November 15: Neutrinos in the left-right model . . . and a bit of chaos.
       Prof. Ken Kiers, Physics Department, Taylor University.
  In the first part of the talk I review some of the history and current status of neutrino physics. Large strides have been made in the past decade in the experimental understanding of neutrino masses and mixings, yet the incredible smallness of the neutrinos' masses remains a theoretical puzzle. Theorists have long postulated that the solution to this puzzle could provide valuable clues to the structure of physics at very high energy scales (and short distance scales). The left-right model of particle physics provides an intriguing solution to the puzzle through the so-called “seesaw mechanism.” This part of the talk describes a recent theoretical investigation of the neutrino sector of the left-right model.
   The second part of the talk describes recent work on the chaotic dynamics of a particular electronic circuit. The circuit in question is straightforward to understand and to build, and makes an ideal project for advanced undergraduate students. Furthermore, the dynamics of the circuit can be modeled very accurately, allowing for excellent comparisons between theory and experiment.

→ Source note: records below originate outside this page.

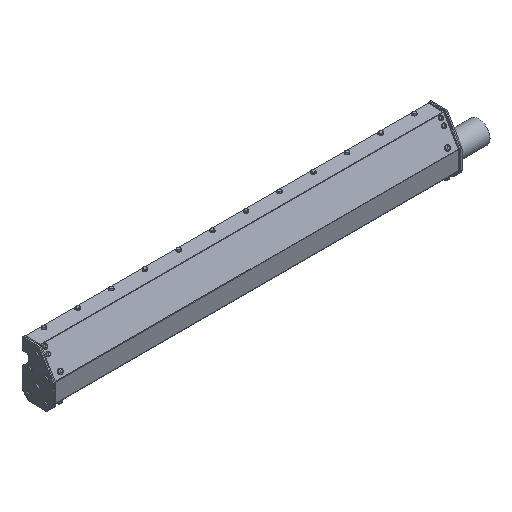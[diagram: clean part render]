
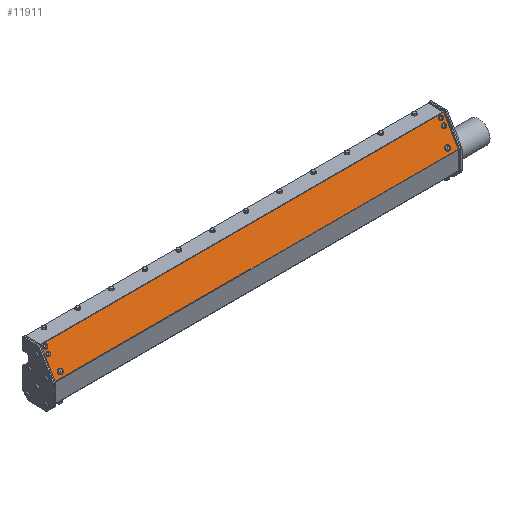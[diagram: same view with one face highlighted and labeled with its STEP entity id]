
A CAD part, isometric view. The second image highlights one B-rep face of the part: STEP entity #11911.
In plain terms, the highlighted planar face has unit normal (0, -0.866, 0.5).
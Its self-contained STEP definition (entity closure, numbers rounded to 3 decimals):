
#351=FACE_BOUND('',#3451,.T.);
#352=FACE_BOUND('',#3452,.T.);
#353=FACE_BOUND('',#3453,.T.);
#354=FACE_BOUND('',#3454,.T.);
#355=FACE_BOUND('',#3455,.T.);
#356=FACE_BOUND('',#3456,.T.);
#600=PLANE('',#12870);
#965=LINE('',#38926,#1461);
#968=LINE('',#38935,#1464);
#990=LINE('',#39014,#1486);
#1014=LINE('',#39099,#1510);
#1097=LINE('',#39325,#1593);
#1098=LINE('',#39326,#1594);
#1461=VECTOR('',#14387,0.394);
#1464=VECTOR('',#14394,0.394);
#1486=VECTOR('',#14454,0.394);
#1510=VECTOR('',#14518,0.394);
#1593=VECTOR('',#14697,0.394);
#1594=VECTOR('',#14698,0.394);
#2554=FACE_OUTER_BOUND('',#3450,.T.);
#3450=EDGE_LOOP('',(#8781,#8782,#8783,#8784,#8785,#8786));
#3451=EDGE_LOOP('',(#8787));
#3452=EDGE_LOOP('',(#8788));
#3453=EDGE_LOOP('',(#8789));
#3454=EDGE_LOOP('',(#8790));
#3455=EDGE_LOOP('',(#8791));
#3456=EDGE_LOOP('',(#8792));
#5009=CIRCLE('',#12871,0.217);
#5010=CIRCLE('',#12872,0.217);
#5011=CIRCLE('',#12873,0.177);
#5012=CIRCLE('',#12874,0.177);
#5013=CIRCLE('',#12875,0.177);
#5014=CIRCLE('',#12876,0.177);
#5661=VERTEX_POINT('',#38923);
#5662=VERTEX_POINT('',#38925);
#5663=VERTEX_POINT('',#38929);
#5665=VERTEX_POINT('',#38932);
#5666=VERTEX_POINT('',#38934);
#5745=VERTEX_POINT('',#39097);
#5841=VERTEX_POINT('',#39327);
#5842=VERTEX_POINT('',#39329);
#5843=VERTEX_POINT('',#39331);
#5844=VERTEX_POINT('',#39333);
#5845=VERTEX_POINT('',#39335);
#5846=VERTEX_POINT('',#39337);
#6821=EDGE_CURVE('',#5661,#5662,#965,.T.);
#6825=EDGE_CURVE('',#5666,#5665,#968,.T.);
#6866=EDGE_CURVE('',#5663,#5662,#990,.T.);
#6909=EDGE_CURVE('',#5745,#5661,#1014,.T.);
#7010=EDGE_CURVE('',#5665,#5663,#1097,.T.);
#7011=EDGE_CURVE('',#5666,#5745,#1098,.T.);
#7012=EDGE_CURVE('',#5841,#5841,#5009,.T.);
#7013=EDGE_CURVE('',#5842,#5842,#5010,.T.);
#7014=EDGE_CURVE('',#5843,#5843,#5011,.T.);
#7015=EDGE_CURVE('',#5844,#5844,#5012,.T.);
#7016=EDGE_CURVE('',#5845,#5845,#5013,.T.);
#7017=EDGE_CURVE('',#5846,#5846,#5014,.T.);
#8781=ORIENTED_EDGE('',*,*,#7010,.T.);
#8782=ORIENTED_EDGE('',*,*,#6866,.T.);
#8783=ORIENTED_EDGE('',*,*,#6821,.F.);
#8784=ORIENTED_EDGE('',*,*,#6909,.F.);
#8785=ORIENTED_EDGE('',*,*,#7011,.F.);
#8786=ORIENTED_EDGE('',*,*,#6825,.T.);
#8787=ORIENTED_EDGE('',*,*,#7012,.T.);
#8788=ORIENTED_EDGE('',*,*,#7013,.T.);
#8789=ORIENTED_EDGE('',*,*,#7014,.T.);
#8790=ORIENTED_EDGE('',*,*,#7015,.T.);
#8791=ORIENTED_EDGE('',*,*,#7016,.T.);
#8792=ORIENTED_EDGE('',*,*,#7017,.T.);
#11911=ADVANCED_FACE('',(#2554,#351,#352,#353,#354,#355,#356),#600,.T.);
#12870=AXIS2_PLACEMENT_3D('',#39324,#14695,#14696);
#12871=AXIS2_PLACEMENT_3D('',#39328,#14699,#14700);
#12872=AXIS2_PLACEMENT_3D('',#39330,#14701,#14702);
#12873=AXIS2_PLACEMENT_3D('',#39332,#14703,#14704);
#12874=AXIS2_PLACEMENT_3D('',#39334,#14705,#14706);
#12875=AXIS2_PLACEMENT_3D('',#39336,#14707,#14708);
#12876=AXIS2_PLACEMENT_3D('',#39338,#14709,#14710);
#14387=DIRECTION('',(1.,0.,0.));
#14394=DIRECTION('',(0.,0.5,0.866));
#14454=DIRECTION('',(0.,0.5,0.866));
#14518=DIRECTION('',(0.,0.5,0.866));
#14695=DIRECTION('center_axis',(0.,-0.866,
0.5));
#14696=DIRECTION('ref_axis',(0.,0.5,0.866));
#14697=DIRECTION('',(0.,0.5,0.866));
#14698=DIRECTION('',(-1.,0.,0.));
#14699=DIRECTION('center_axis',(0.,0.866,
-0.5));
#14700=DIRECTION('ref_axis',(-0.866,0.25,0.433));
#14701=DIRECTION('center_axis',(0.,0.866,
-0.5));
#14702=DIRECTION('ref_axis',(-0.866,0.25,0.433));
#14703=DIRECTION('center_axis',(0.,0.866,
-0.5));
#14704=DIRECTION('ref_axis',(1.,0.,0.));
#14705=DIRECTION('center_axis',(0.,0.866,
-0.5));
#14706=DIRECTION('ref_axis',(1.,0.,0.));
#14707=DIRECTION('center_axis',(0.,0.866,
-0.5));
#14708=DIRECTION('ref_axis',(1.,0.,0.));
#14709=DIRECTION('center_axis',(0.,0.866,
-0.5));
#14710=DIRECTION('ref_axis',(0.282,0.48,0.831));
#38923=CARTESIAN_POINT('',(-6.881,0.027,3.036));
#38925=CARTESIAN_POINT('',(29.119,0.027,3.036));
#38926=CARTESIAN_POINT('',(29.119,0.027,3.036));
#38929=CARTESIAN_POINT('',(29.119,-1.018,1.227));
#38932=CARTESIAN_POINT('',(29.119,-1.088,1.106));
#38934=CARTESIAN_POINT('',(29.119,-1.246,0.833));
#38935=CARTESIAN_POINT('',(29.119,-1.254,0.819));
#39014=CARTESIAN_POINT('',(29.119,-1.254,0.819));
#39097=CARTESIAN_POINT('',(-6.881,-1.246,0.833));
#39099=CARTESIAN_POINT('',(-6.881,-1.254,0.819));
#39324=CARTESIAN_POINT('Origin',(29.119,-1.254,0.819));
#39325=CARTESIAN_POINT('',(29.119,-1.174,0.958));
#39326=CARTESIAN_POINT('',(29.119,-1.246,0.833));
#39327=CARTESIAN_POINT('',(28.181,-0.983,1.288));
#39328=CARTESIAN_POINT('Origin',(28.369,-1.037,1.194));
#39329=CARTESIAN_POINT('',(-6.319,-0.983,1.288));
#39330=CARTESIAN_POINT('Origin',(-6.131,-1.037,1.194));
#39331=CARTESIAN_POINT('',(28.921,-0.085,2.844));
#39332=CARTESIAN_POINT('Origin',(28.744,-0.085,2.844));
#39333=CARTESIAN_POINT('',(28.921,-0.351,2.383));
#39334=CARTESIAN_POINT('Origin',(28.744,-0.351,2.383));
#39335=CARTESIAN_POINT('',(-6.329,-0.085,2.844));
#39336=CARTESIAN_POINT('Origin',(-6.506,-0.085,
2.844));
#39337=CARTESIAN_POINT('',(-6.456,-0.266,2.53));
#39338=CARTESIAN_POINT('Origin',(-6.506,-0.351,2.383));

Faculty and students at Taylor University have developed the circuit into a commercial undergraduate laboratory product.

November 29: Exotic Molecules and Isotope Studies in Atom Traps
       Kristin Datema and Prof. Matt Walhout, Calvin College.
  Atom-trapping experiments have provided the basis for recent advances
in radio-isotope dating and molecular spectroscopy. This talk will
briefly summarize these advances and describe related work that is
ongoing at Calvin.